I wonder if we don’t all have such a challenging time consistently loving our neighbors because we have not truly learned to love ourselves.
Please don’t miss what it is that I’m saying… no matter how great your intentions are, no matter how big your heart is, no matter great your passion is, no matter how deep your desire is to heal the world and be loving and protect the innocent and the vulnerable… your ability to love God and/or love people and will never exceed your capacity to love the most broken, neglected and shameful parts of yourself.
In fact, if you ignore your own hurt, and go on a quest to help others, you will not only NOT help them… you will end up hurting people in the process. One of the truest truths that I’ve discovered is that “Hurt people, hurt people” and I have yet to find anyone who is exempt from this.
Hurt pastors, hurt people.
Hurt therapists, hurt people.
Hurt police officers, hurt people.
Even hurt presidents, hurt people.
The greater the power of the hurt person, the greater the potential for them to hurt others.
You know I look around today and there are so many hurting people. It feels like the past year alone has just been a series of cascading tragedies that doesn’t seem prepared to stop at any time.

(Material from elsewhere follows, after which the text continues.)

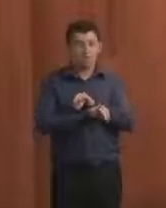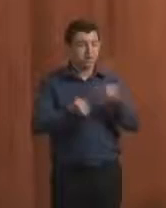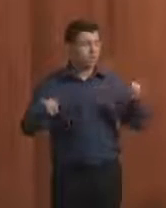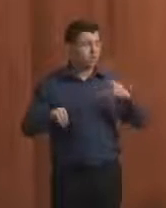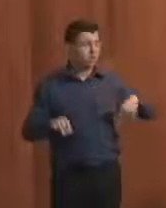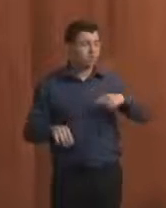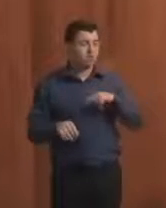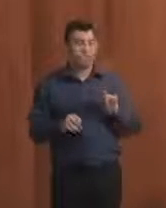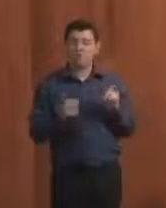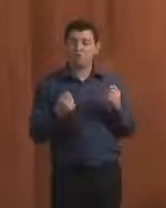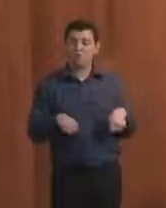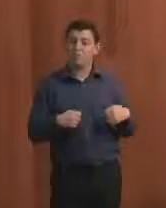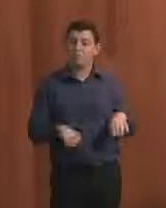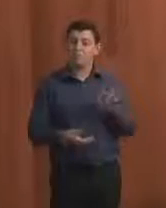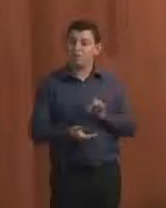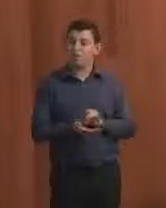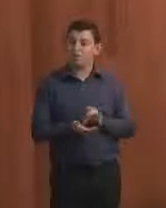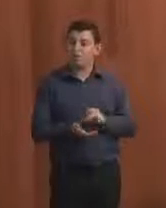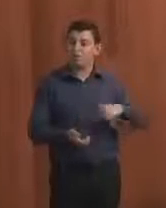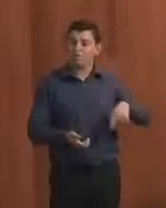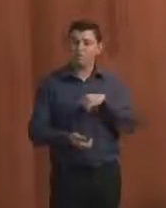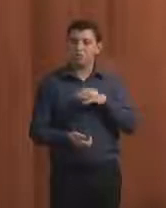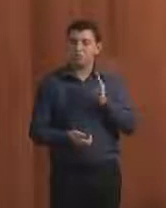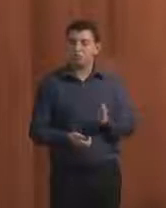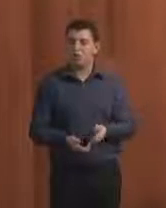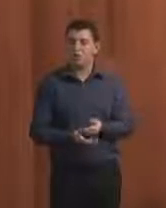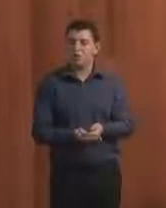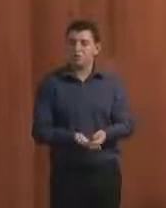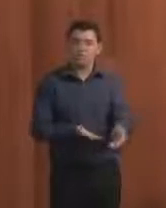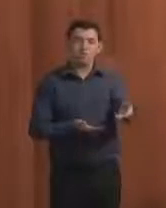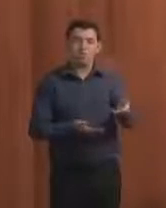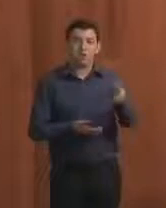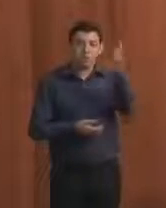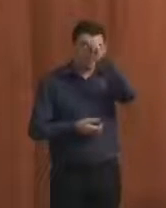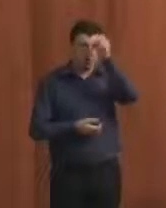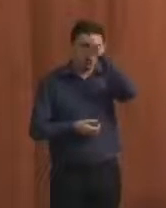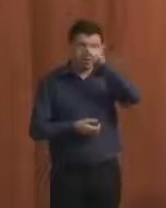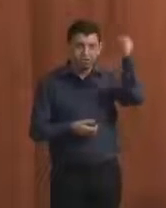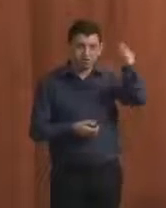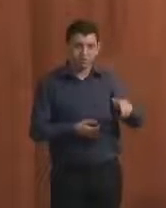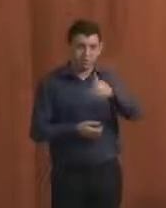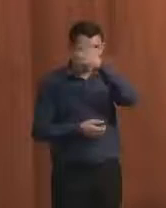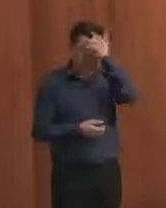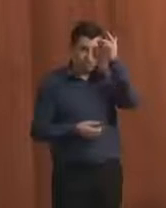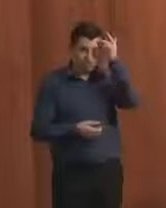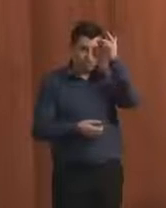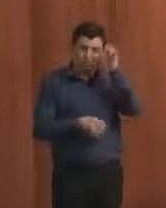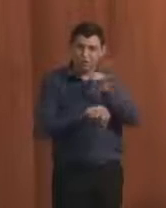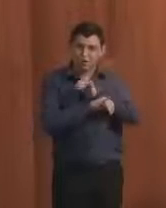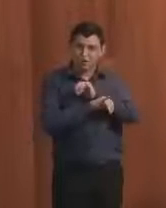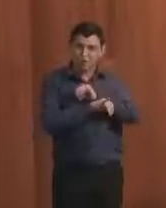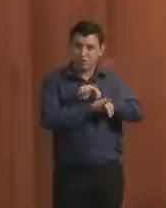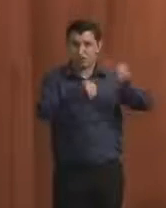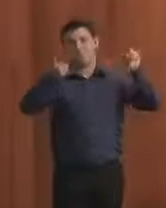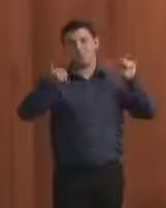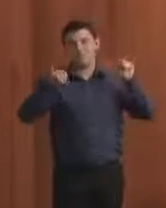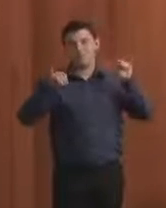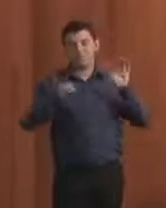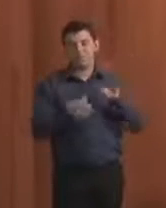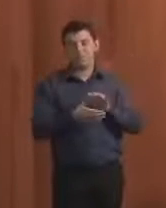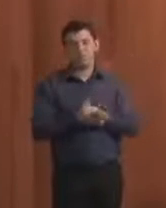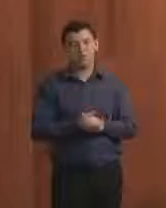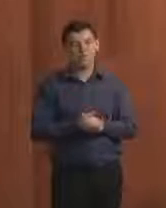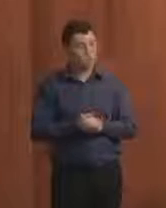a gente precisa, de alguma forma, condensar o aprendizado de outros membros nessas campanhas, nessa capacitação. Desculpa.

I look around and the road to Jericho is piled high with the bodies of so many victims who have been waylaid by robbers, thieves and thugs, and its so tempting to run down the path of blame/hate/vengeance or denial/diversion/avoidance… but neither of those paths actually do anything to bind up the wounds of the broken and put them on the path to healing… and the first step on the path to healing is committing to your own process.
It took a really long time for me to begin that process, and I’m still very much in the middle of the journey. But it began when I was a 15 year old kid who was trying his darnedest to avoid the pain and brokenness inside of him, but couldn’t keep it all hidden and my mess came spilling out in a way that I could no longer conceal. My deepest fear was that if someone saw the real me, the part that was broken, beat up, naked and face down in the mud… that in disgust, they would walk right past and abandon me. But the change happened when someone saw my true condition of hurt and brokenness and instead of experiencing rejection and condemnation I experienced mercy and compassion.
That moment was a turning point in my life... but I realize now that I prolonged so much of my own healing journey by refusing to recognize the depth and severity of my own wounds and brokenness. I was (and often still am) so eager to try and help others… that I was jumping over my responsibility to my own healing and wholeness.
The sad and painful truth is: Hurt people, hurt people… but the beautiful and liberating truth is that healed people, heal people.
So here’s my question to you: where does the healing need to begin in you?
Where are you still hurting?
Where are you stuck?
What are the fears that are controlling your right in this moment?
Where has your heart been broken?
And most importantly… would you like a compassionate neighbor to help you heal?